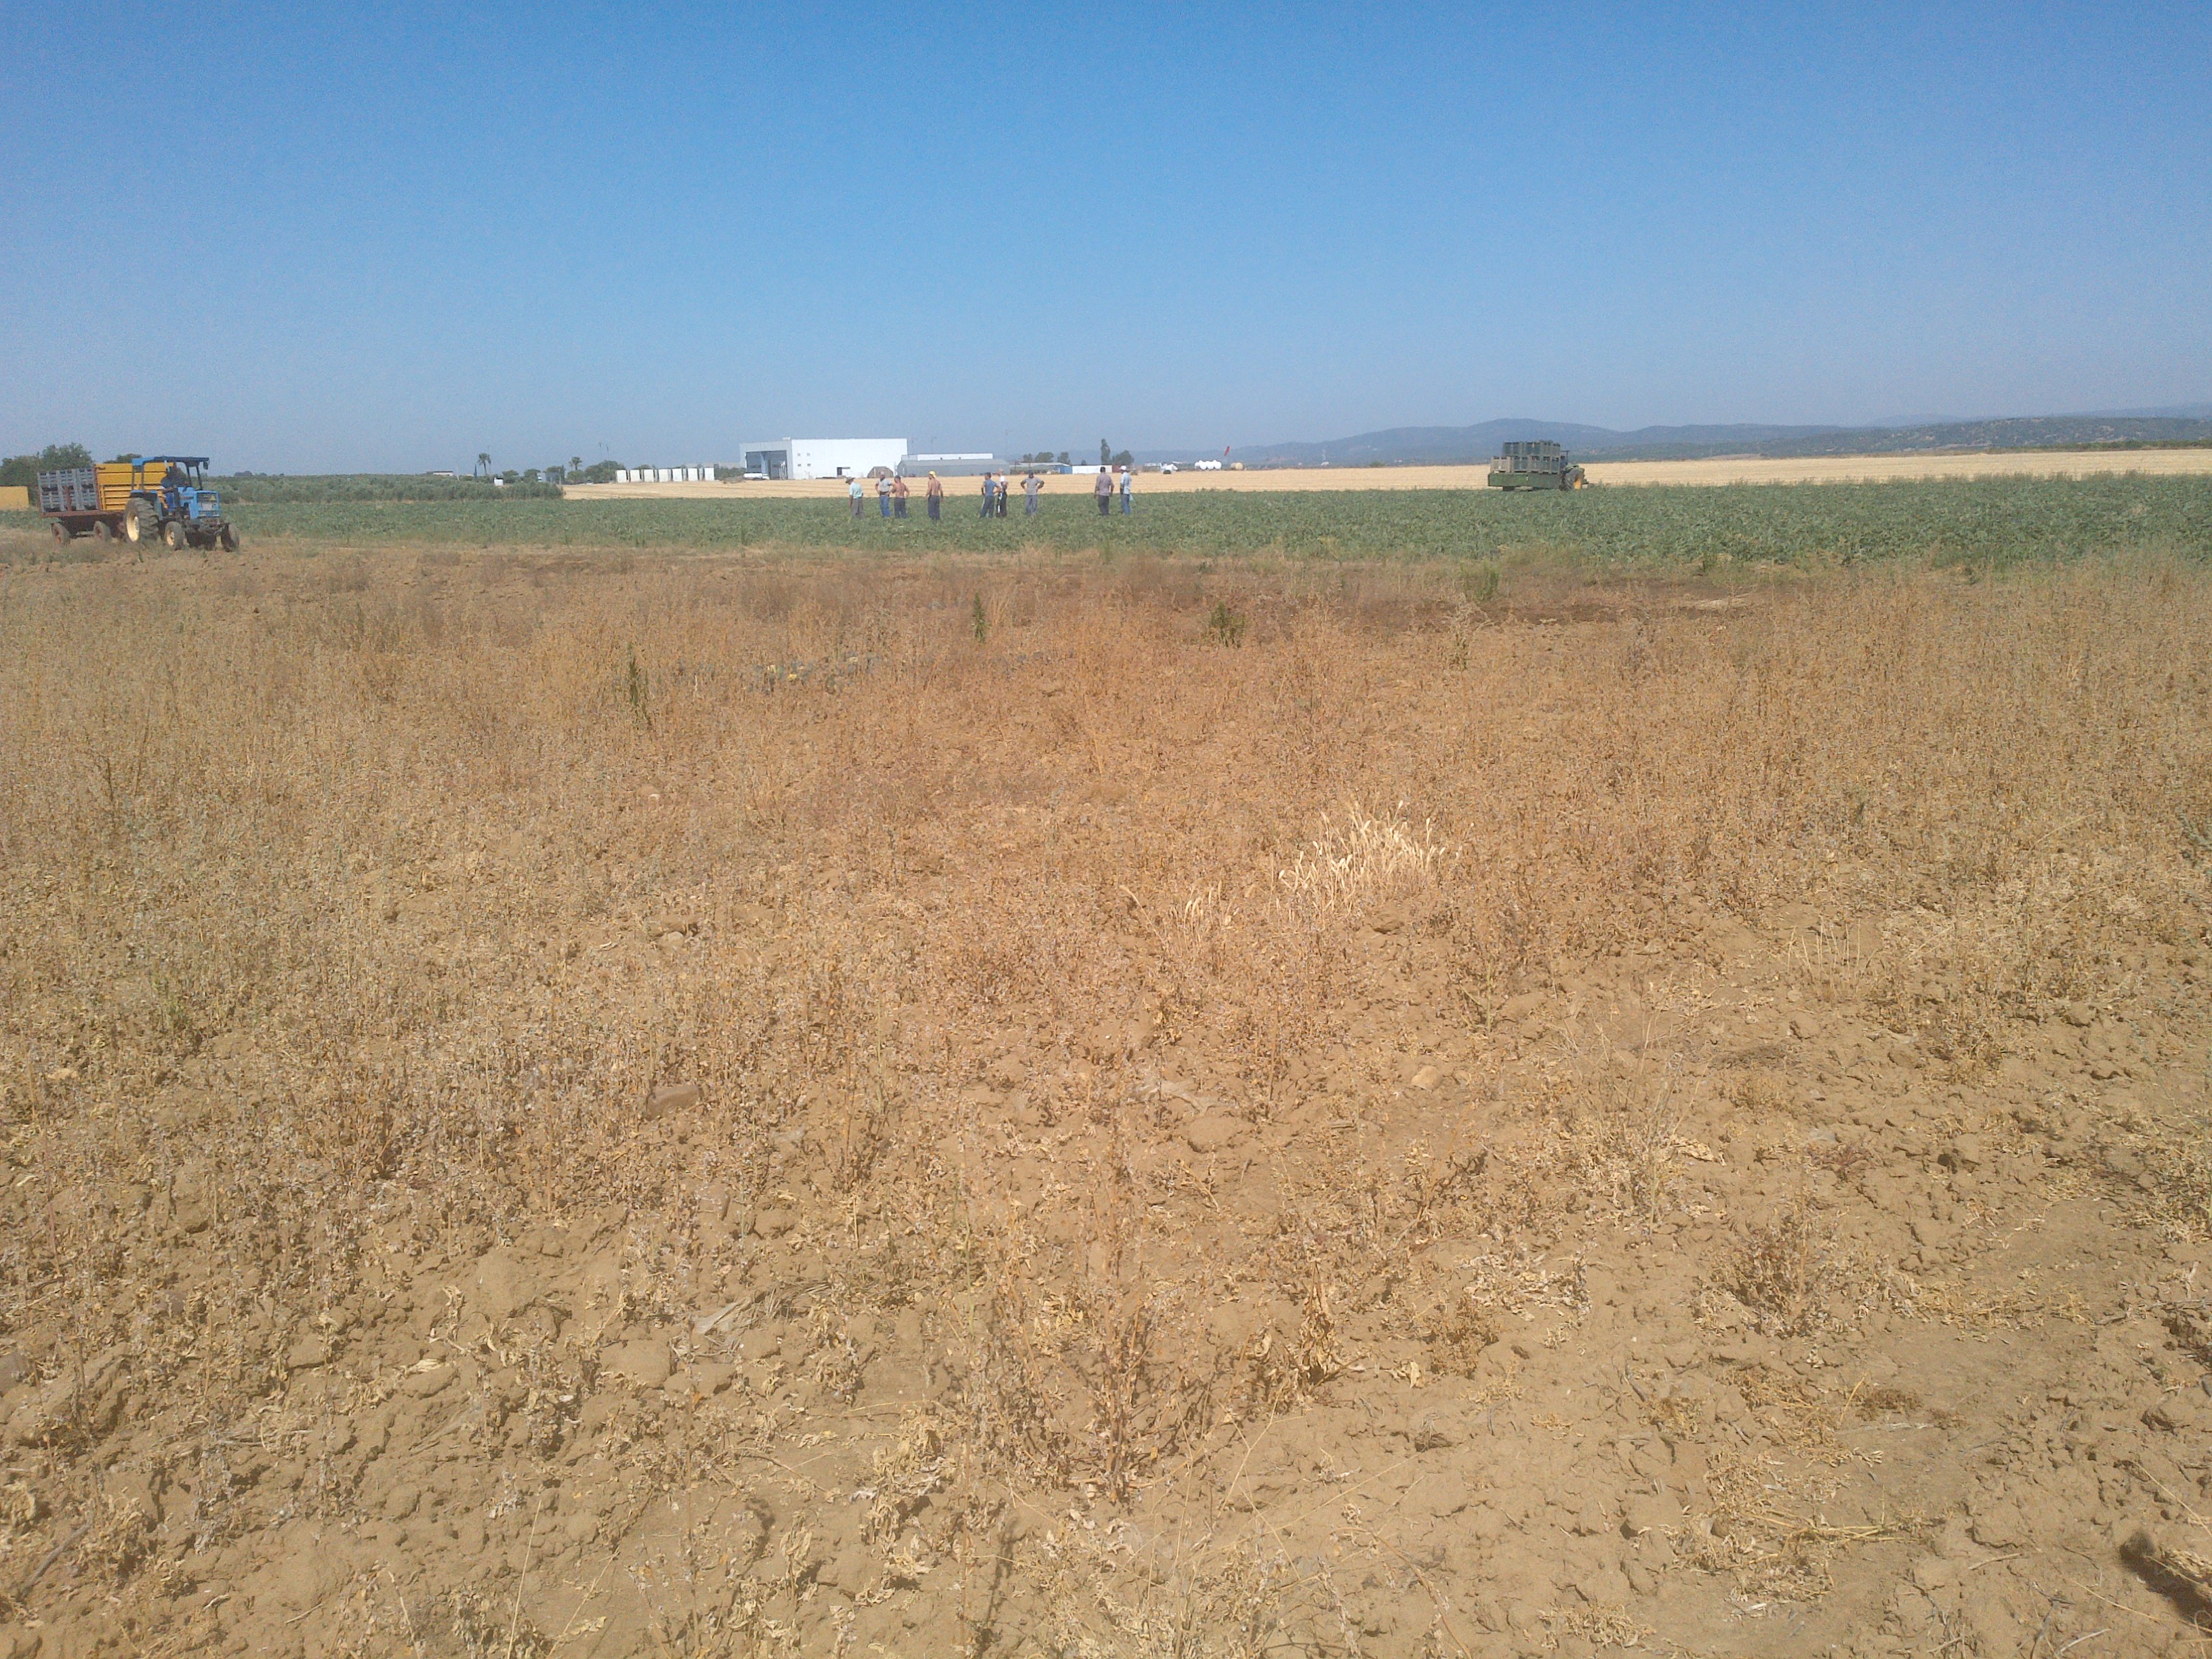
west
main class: Cropland
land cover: Olive groves
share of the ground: 50 - 75 %
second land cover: Spontaneously vegetated surfaces
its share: 10 - 25 %
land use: Agriculture (excluding fallow land and kitchen gardens)
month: June
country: ES
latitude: 37.7134
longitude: -5.2069

Your task:
An exact copy of the entries above is required, with the pictures left out.

Answer below:
west
main class: Cropland
land cover: Olive groves
share of the ground: 50 - 75 %
second land cover: Spontaneously vegetated surfaces
its share: 10 - 25 %
land use: Agriculture (excluding fallow land and kitchen gardens)
month: June
country: ES
latitude: 37.7134
longitude: -5.2069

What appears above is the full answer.